_WORK ITEM_
Copy out the entries exactly, and wherever a picture appears, leave it out.

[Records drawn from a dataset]
►

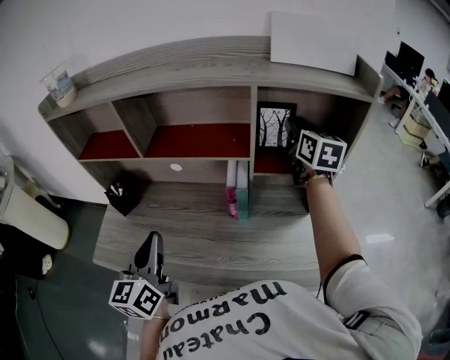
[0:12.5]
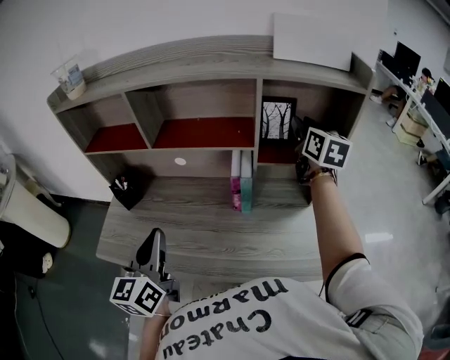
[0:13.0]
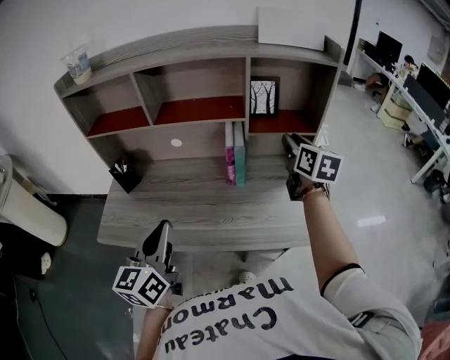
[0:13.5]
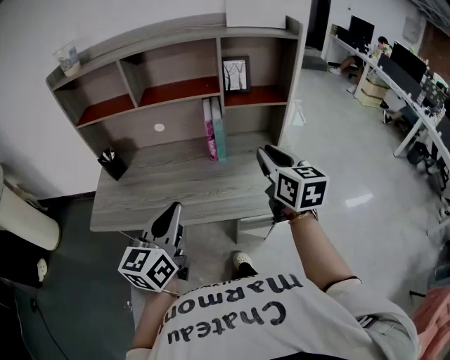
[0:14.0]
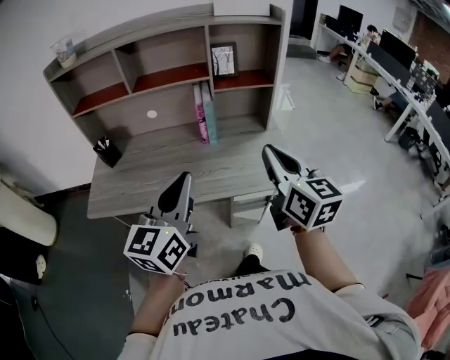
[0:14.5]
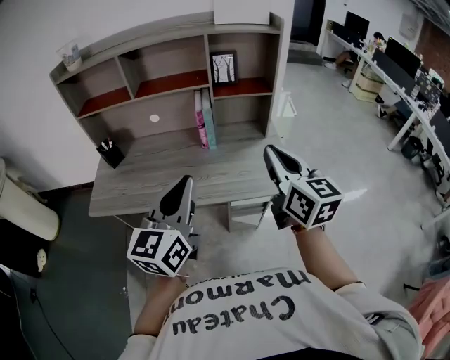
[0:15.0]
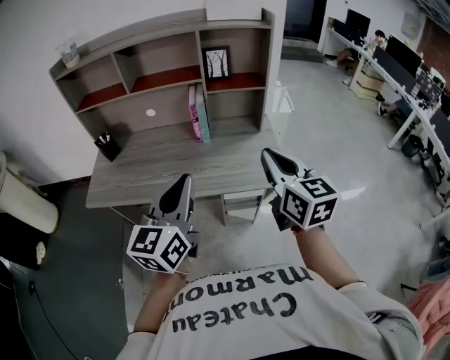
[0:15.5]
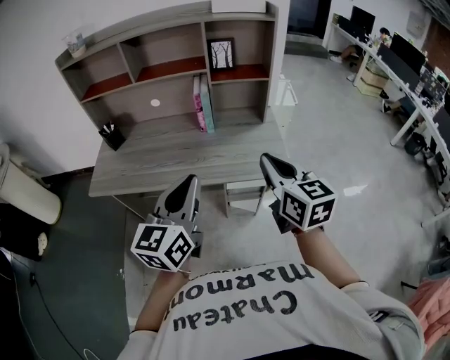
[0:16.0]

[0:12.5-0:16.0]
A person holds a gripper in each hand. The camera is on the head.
0:12.5 to 0:14.5: The left gripper is displaced backward and to the right by approximately 25 cm, and swivels some 30 degrees; the right gripper is displaced backward by some 50 cm, and closes.
0:14.5 to 0:16.0: The left gripper travels backward and to the right by roughly 10 cm; the right gripper travels backward by roughly 5 cm.

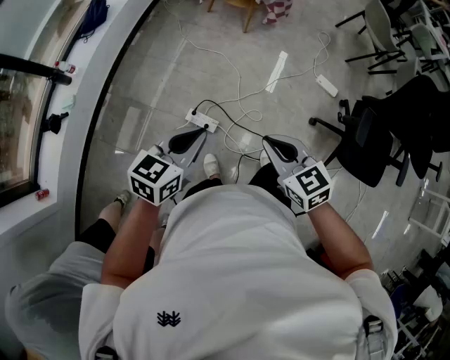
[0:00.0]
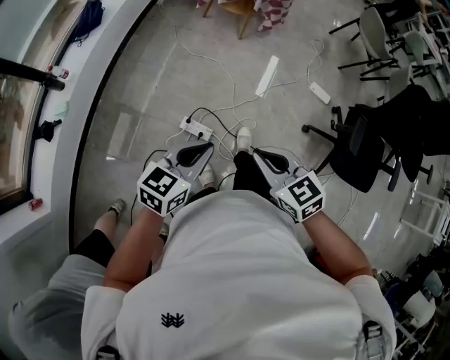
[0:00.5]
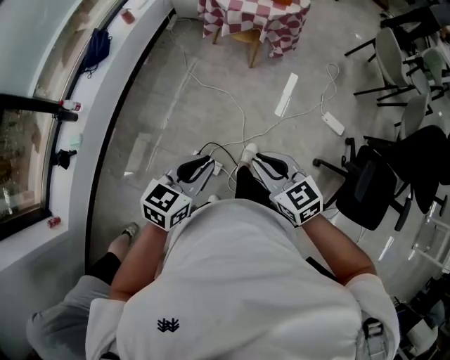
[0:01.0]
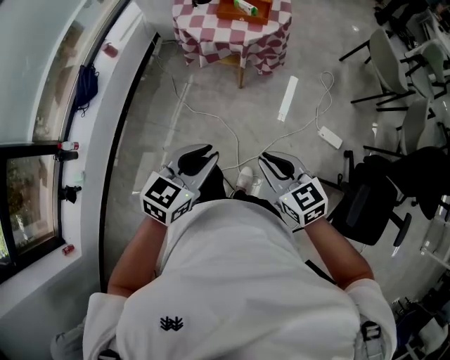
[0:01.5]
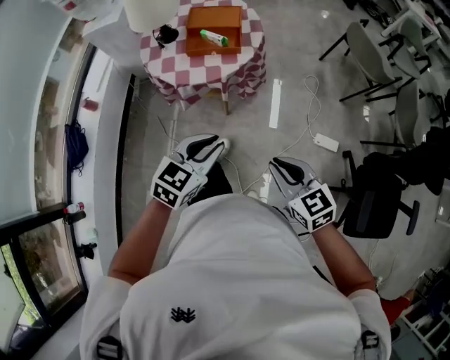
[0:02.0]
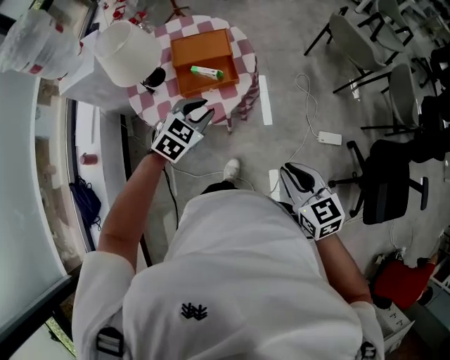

◄

_RESULT FOR THIS TASK_
[0:12.5]
[0:13.0]
[0:13.5]
[0:14.0]
[0:14.5]
[0:15.0]
[0:15.5]
[0:16.0]

[0:12.5-0:16.0]
A person holds a gripper in each hand. The camera is on the head.
0:12.5 to 0:14.5: The left gripper is displaced backward and to the right by approximately 25 cm, and swivels some 30 degrees; the right gripper is displaced backward by some 50 cm, and closes.
0:14.5 to 0:16.0: The left gripper travels backward and to the right by roughly 10 cm; the right gripper travels backward by roughly 5 cm.

[0:00.0]
[0:00.5]
[0:01.0]
[0:01.5]
[0:02.0]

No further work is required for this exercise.